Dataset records
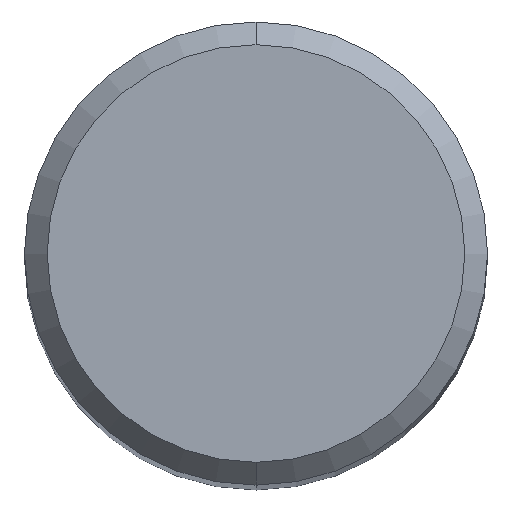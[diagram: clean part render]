
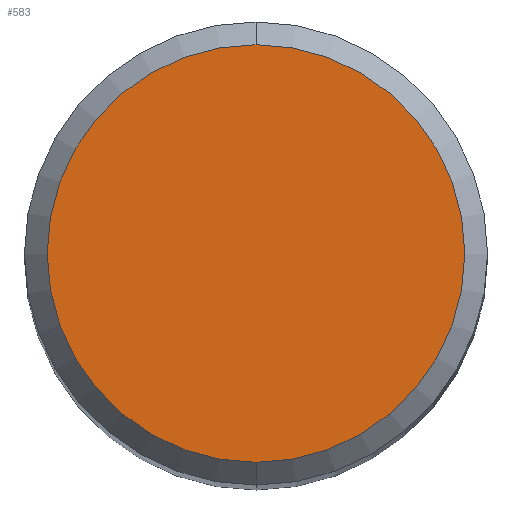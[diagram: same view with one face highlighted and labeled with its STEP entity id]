
A CAD part, top view. The second image highlights one B-rep face of the part: STEP entity #583.
In plain terms, the highlighted planar face has unit normal (0, 0, 1).
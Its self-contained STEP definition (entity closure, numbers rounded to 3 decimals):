
#247=VERTEX_POINT('',#637);
#335=EDGE_CURVE('',#569,#247,#734,.T.);
#435=EDGE_CURVE('',#247,#569,#846,.T.);
#569=VERTEX_POINT('',#996);
#583=ADVANCED_FACE('',(#1010),#1011,.T.);
#637=CARTESIAN_POINT('',(0.0,3.642,0.0));
#734=CIRCLE('',#1315,3.642);
#846=CIRCLE('',#1476,3.642);
#996=CARTESIAN_POINT('',(0.,-3.642,0.0));
#1010=FACE_OUTER_BOUND('',#1772,.T.);
#1011=PLANE('',#1773);
#1315=AXIS2_PLACEMENT_3D('',#1919,#1920,#1921);
#1476=AXIS2_PLACEMENT_3D('',#2058,#2059,#2060);
#1772=EDGE_LOOP('',(#2250,#2251));
#1773=AXIS2_PLACEMENT_3D('',#2252,#2253,#2254);
#1919=CARTESIAN_POINT('',(0.0,0.0,0.0));
#1920=DIRECTION('',(0.0,0.0,-1.0));
#1921=DIRECTION('',(0.0,1.0,0.0));
#2058=CARTESIAN_POINT('',(0.0,0.0,0.0));
#2059=DIRECTION('',(0.0,0.0,-1.0));
#2060=DIRECTION('',(0.0,1.0,0.0));
#2250=ORIENTED_EDGE('',*,*,#435,.F.);
#2251=ORIENTED_EDGE('',*,*,#335,.F.);
#2252=CARTESIAN_POINT('',(0.0,1.821,0.0));
#2253=DIRECTION('',(-0.0,0.0,1.0));
#2254=DIRECTION('',(0.0,-1.0,0.0));

● **Work instructions**:
The answer must consist of the lines from the one with "#435=EDGE_CURVE('',#247,#569,#846,.T.);" through the final line of the entries above, exactly as they are, and nothing else.

● **Task output**:
#435=EDGE_CURVE('',#247,#569,#846,.T.);
#569=VERTEX_POINT('',#996);
#583=ADVANCED_FACE('',(#1010),#1011,.T.);
#637=CARTESIAN_POINT('',(0.0,3.642,0.0));
#734=CIRCLE('',#1315,3.642);
#846=CIRCLE('',#1476,3.642);
#996=CARTESIAN_POINT('',(0.,-3.642,0.0));
#1010=FACE_OUTER_BOUND('',#1772,.T.);
#1011=PLANE('',#1773);
#1315=AXIS2_PLACEMENT_3D('',#1919,#1920,#1921);
#1476=AXIS2_PLACEMENT_3D('',#2058,#2059,#2060);
#1772=EDGE_LOOP('',(#2250,#2251));
#1773=AXIS2_PLACEMENT_3D('',#2252,#2253,#2254);
#1919=CARTESIAN_POINT('',(0.0,0.0,0.0));
#1920=DIRECTION('',(0.0,0.0,-1.0));
#1921=DIRECTION('',(0.0,1.0,0.0));
#2058=CARTESIAN_POINT('',(0.0,0.0,0.0));
#2059=DIRECTION('',(0.0,0.0,-1.0));
#2060=DIRECTION('',(0.0,1.0,0.0));
#2250=ORIENTED_EDGE('',*,*,#435,.F.);
#2251=ORIENTED_EDGE('',*,*,#335,.F.);
#2252=CARTESIAN_POINT('',(0.0,1.821,0.0));
#2253=DIRECTION('',(-0.0,0.0,1.0));
#2254=DIRECTION('',(0.0,-1.0,0.0));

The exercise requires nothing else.